Avevo giocato otto mesi con un piede dolorante. Facevo infiltrazioni di cortisone ogni due o tre settimane soltanto per poter correre. Alla prima visita medica, lo staff del club disse che non avevo nulla. “Sono venti giorni che il dolore si è acuito e non accenna a passare – insistetti –. Possiamo fare altri controlli?”. “No – ribadirono –, non hai nulla”. Io dovetti fermarmi completamente, non riuscivo più nemmeno a camminare. Chiesi di essere visitato da qualche specialista, risposero “se vuoi, vacci pure a tue spese”. Si trattava della mia carriera e della mia salute, per cui andai in Germania. Scoprirono un infortunio grave alla fascia plantare che richiedeva un intervento chirurgico. Mi operai, pagando tutto di tasca mia.
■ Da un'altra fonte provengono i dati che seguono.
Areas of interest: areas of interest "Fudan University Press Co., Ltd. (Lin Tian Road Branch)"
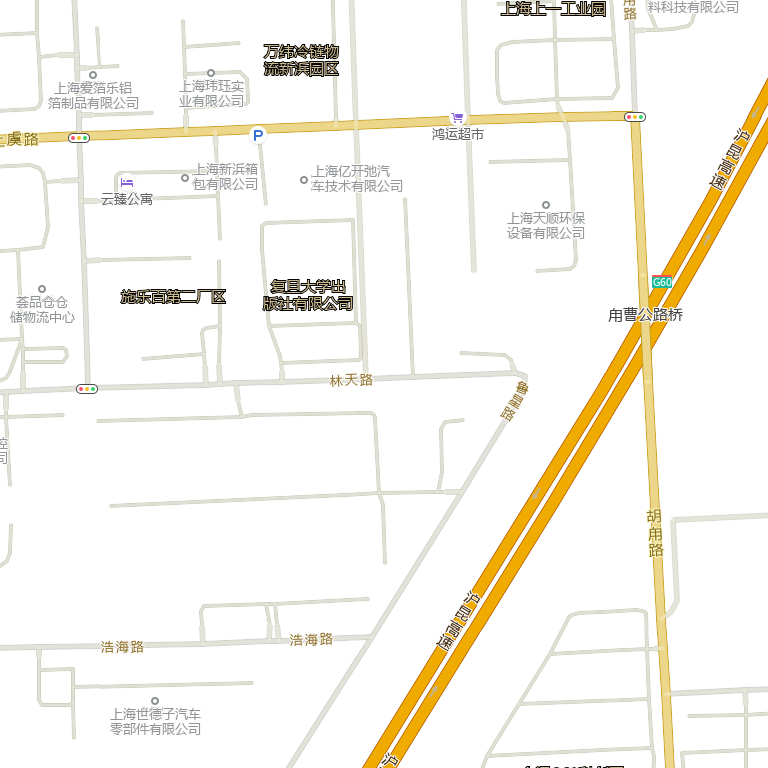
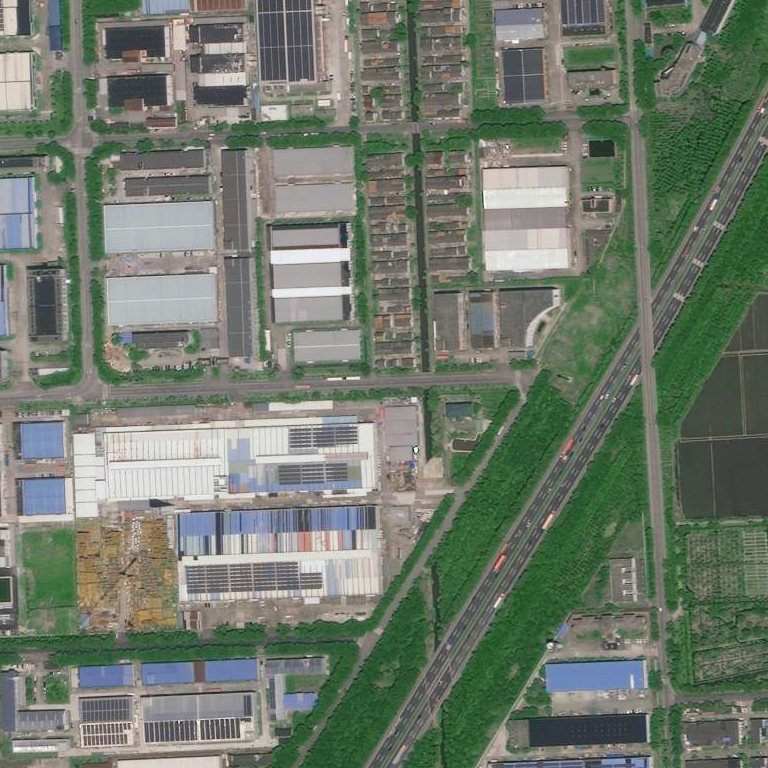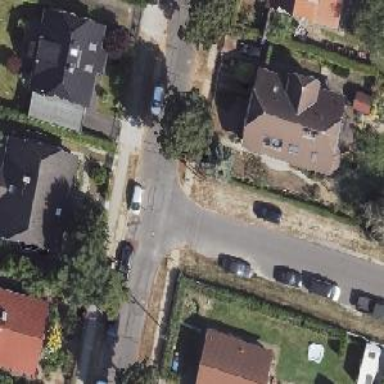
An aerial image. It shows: Residential road with asphalt surface. Both sides of the road have parallel parking lanes.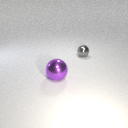
small gray metal sphere behind large purple metal sphere
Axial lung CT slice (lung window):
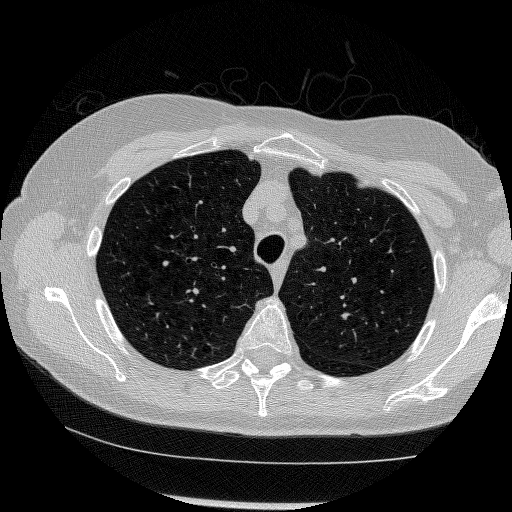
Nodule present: no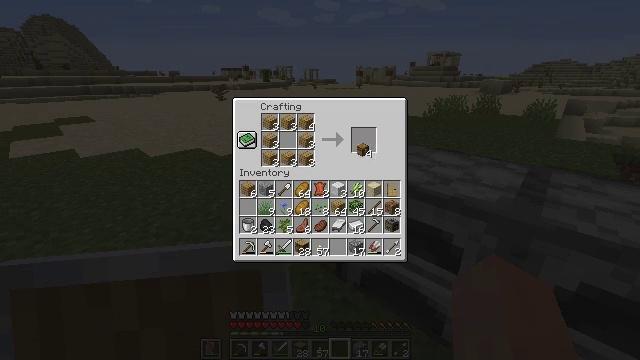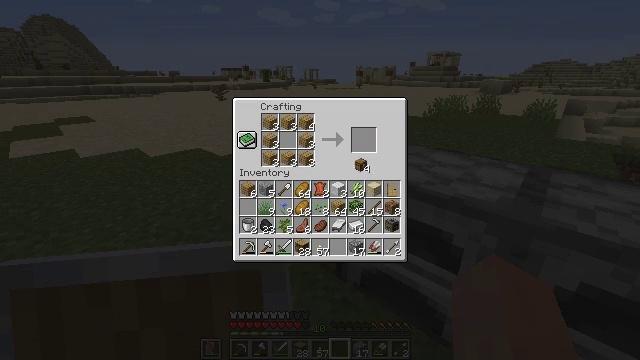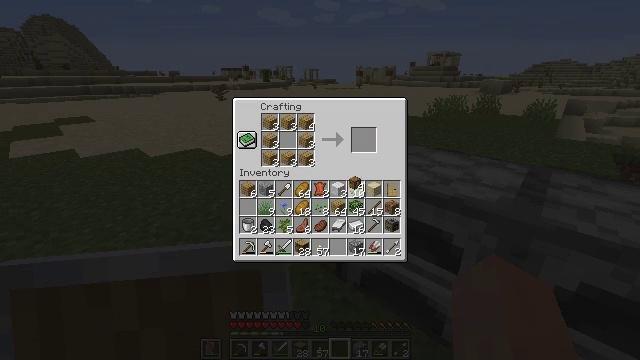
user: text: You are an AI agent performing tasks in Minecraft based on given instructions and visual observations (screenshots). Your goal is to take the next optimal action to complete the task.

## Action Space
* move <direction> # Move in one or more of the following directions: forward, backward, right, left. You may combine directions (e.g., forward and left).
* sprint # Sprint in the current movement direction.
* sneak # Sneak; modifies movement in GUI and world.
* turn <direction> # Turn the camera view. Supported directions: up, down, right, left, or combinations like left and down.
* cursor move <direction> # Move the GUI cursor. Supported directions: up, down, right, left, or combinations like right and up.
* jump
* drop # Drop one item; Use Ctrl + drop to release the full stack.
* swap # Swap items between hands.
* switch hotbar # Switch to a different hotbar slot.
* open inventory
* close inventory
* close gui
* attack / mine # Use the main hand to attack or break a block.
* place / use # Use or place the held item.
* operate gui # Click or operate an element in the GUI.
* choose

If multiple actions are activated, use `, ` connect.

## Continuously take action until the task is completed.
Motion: motion action
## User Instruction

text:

Il luglio successivo, al momento dell’inizio del ritiro, non avevo ancora ripreso del tutto. La società mi disse che potevo andare dove volevo a curarmi. Andai a Bologna, sempre a mie spese, poi a ferragosto, con tutto il gruppo in congedo per tre giorni, io scelsi di rimanere in Sisport per continuare ad allenarmi. Un giocatore professionista, per contratto, quando è a disposizione di un club dovrebbe sempre avere un dottore o un fisioterapista a seguirlo. Il Torino non mi mandò nessuno, rimasi tre giorni a fare esercizi per conto mio.
Per cui fin da quell'estate sapevo che la società non voleva più rinnovarmi il contratto. Scelta legittima, i giocatori vanno e vengono e forse io avevo concluso un ciclo. Ma per capire le intenzioni del Torino in anticipo di un anno, non mi servì essere veggente: mi bastò rialzare la testa da quel piede dolorante e guardarmi intorno. Ero solo.